2 For example, Lau and Diltz (Citation1994), Bae et al . (Citation1999) and Kim et al . (Citation2000) use the SUR method and close-to-close returns of ADRs and their underlying stocks in their studies. However, the SUR method does not incorporate the time-varying distribution of the stock returns, and it does not allow for the investigation of simultaneous spillover effects on the mean and the conditional variances. Moreover, to reduce the effect of non-synchronous trading between US and Japan stock markets, it would be ideal to use both the open and close prices in this study. The two-stage GJR-GARCH model applied in this article allows for time-varying conditional variances and enables us to analyse the data (open and close prices) not only on the return spillover effects but also on volatility spillover effects.

3 Since 4 of the 16 multinationals are listed in US stock market after 2 September 1993, the sample starting dates for them are determined by their actual listing dates.

4 It should be noted that the TSE has a one-and-half hour lunch break, so the actual trading hour is from 9:00–11:00 and 12:30–15:00, Tokyo time.

5 These 16 Japanese multinationals are mostly listed in the NYSE. It is noted, however, that five of them are listed in the NASDAQ.

6 The result is consistent with the findings of Hill et al . (Citation1990), Tse et al . (Citation1996) and Wang et al . (Citation2002). For example, Hill et al . (Citation1990) study the magnitudes of differences between trading and non-trading variances in futures markets; Tse et al . (Citation1996) find that the index prices of the Eurodollar futures are more volatile at the Chicago Mercantile Exchange (CME) and at the London International Financial Futures Exchange (LIFFE) when the markets are trading, while they are more volatile at the Singapore International Monetary Exchange (SIMEX) when the market is closed. Wang et al . (Citation2002) investigate the dually traded stocks in the Stock Exchanges of Hong Kong (SEHK) and London (LSE).

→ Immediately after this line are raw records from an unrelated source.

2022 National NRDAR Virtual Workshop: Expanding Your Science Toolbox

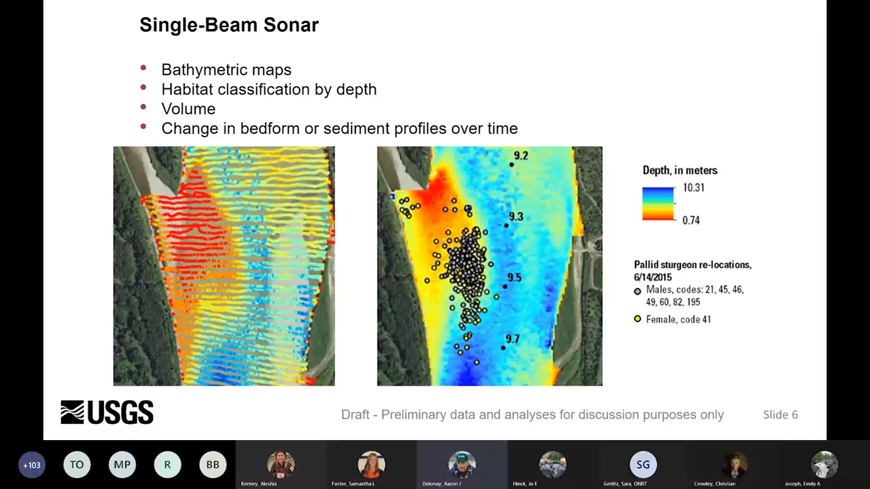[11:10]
So single beam sonar is really good for constructing bathymetric maps, doing habitat classifications by depth, looking at volumes, both volumes of water and volumes of sediment, and changes in bed form or sediment profiles over time. There's another type.
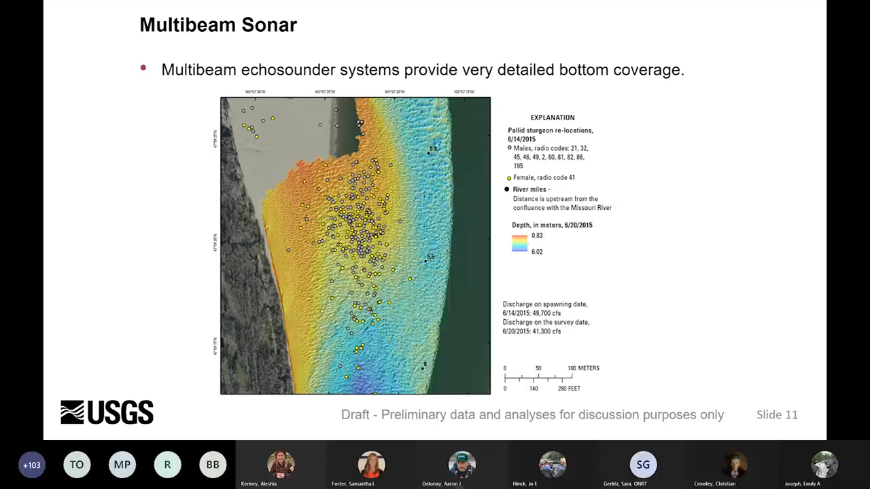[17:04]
This is the same area, but done in multi-beam. And what you can see is very complex, very detailed bed forms of the spawning habitat. Image of the multi-beam sonar data with details of explanation of males, females, and distance. If you look in the main stem lower Missouri River and you start to study what multi-beam imagery looks like, and remember there's data behind this, right? Every point on this image has depth as well.
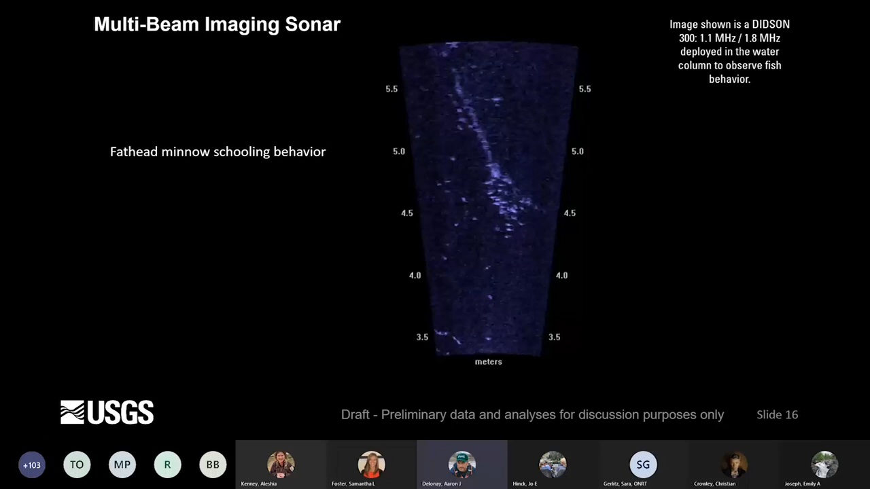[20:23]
These are fathead minnows, looking at schooling behavior of fathead minnows. A little bit interesting thing about sonar, they're often called acoustic cameras, but
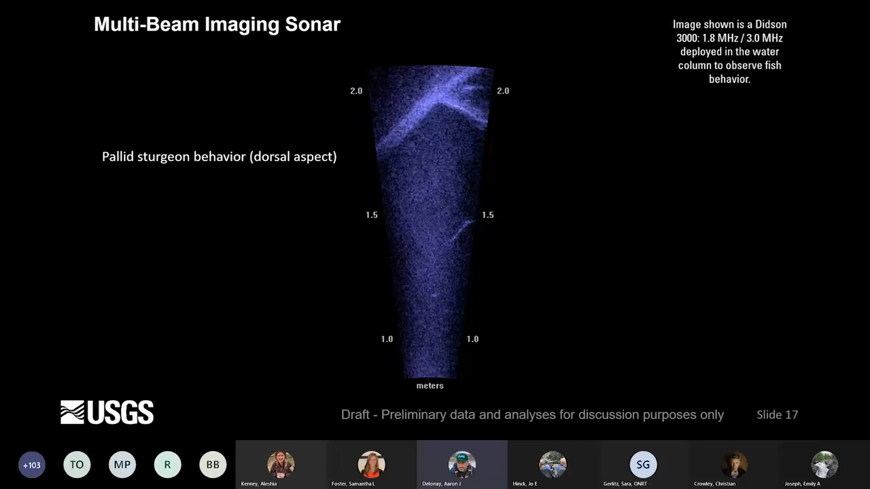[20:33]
when you're looking down from a dorsal perspective, this is what you get. So if you're familiar with like a video camera or a still camera, you have a portrait mode and a landscape mode.
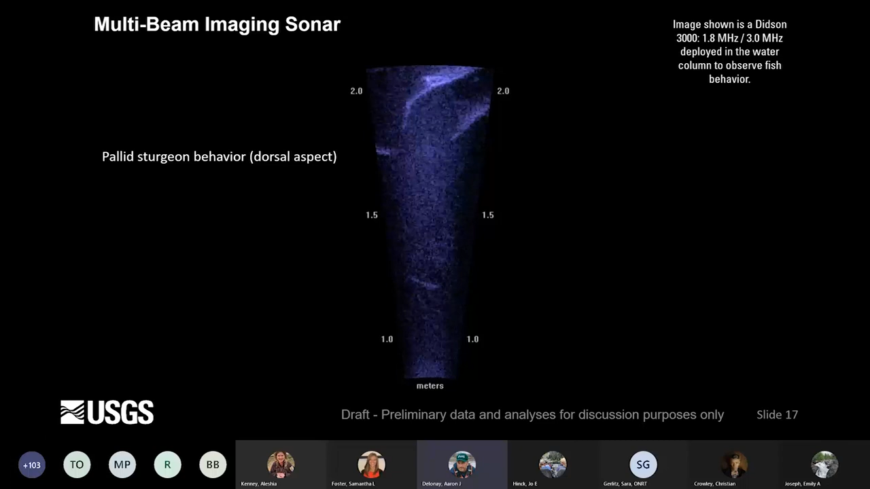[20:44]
So this would be the landscape mode. And you can see these are pallid sturgeon, and you're looking down on them.
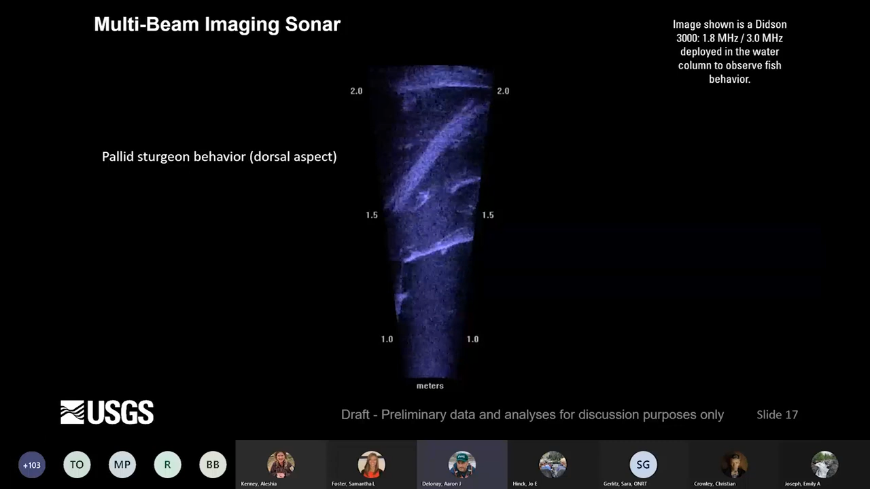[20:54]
You can see their backs and their pectoral fins pointed out. But if you go ahead and you just turn the camera into the portrait mode,
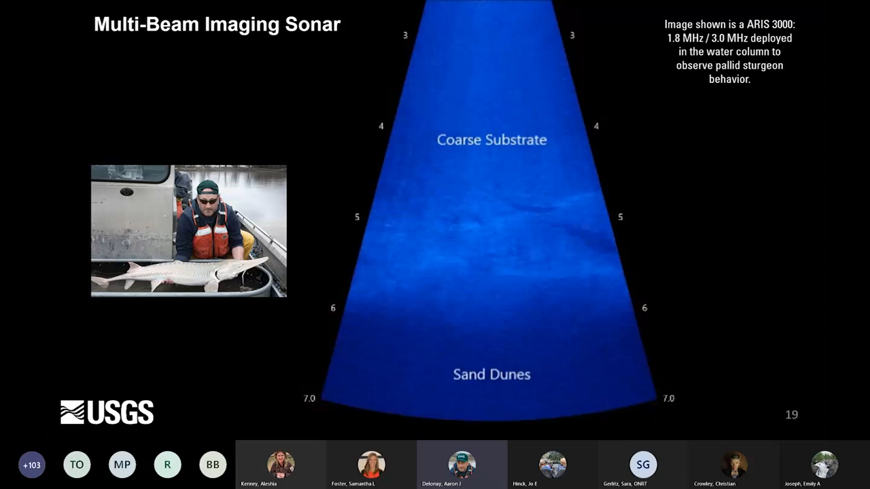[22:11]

7 The standard GARCH model is symmetric in its response to past innovations. However, there are theoretical arguments that suggest a differential response in conditional variance to previous positive and negative innovations. Several alternative GARCH model specifications have been proposed in an attempt to capture the asymmetric nature of the volatility responses. Engle and Ng (Citation1993), in a test of volatility models on Japanese stock return data, find strong support for the GJR-GARCH model which explicitly incorporates the potential for asymmetry in the conditional variance equation. Kim and Kon (Citation1994) find that the GJR-GARCH model is the most descriptive for individual stocks.

8 French (Citation1980) documents that the mean return for Mondays is more negative than that for any other day of the week on the NYSE and AMEX. He concludes that the persistently negative returns for Mondays are caused by some weekend effect. The Day of the week effect is further documented for several international equity markets. For example, Jaffe et al . (Citation1989) and Lee et al . (Citation1990) find Japanese indexes show negative returns on Tuesdays.

9 It is noted that the New York markets were closed during the week of attack and reopened on the next Monday, 17 September 2001.

10 The meteor-shower hypothesis suggests inter-day volatility spillovers from one market to the next while the heat-wave hypothesis suggests that the volatility has only country-specific autocorrelations.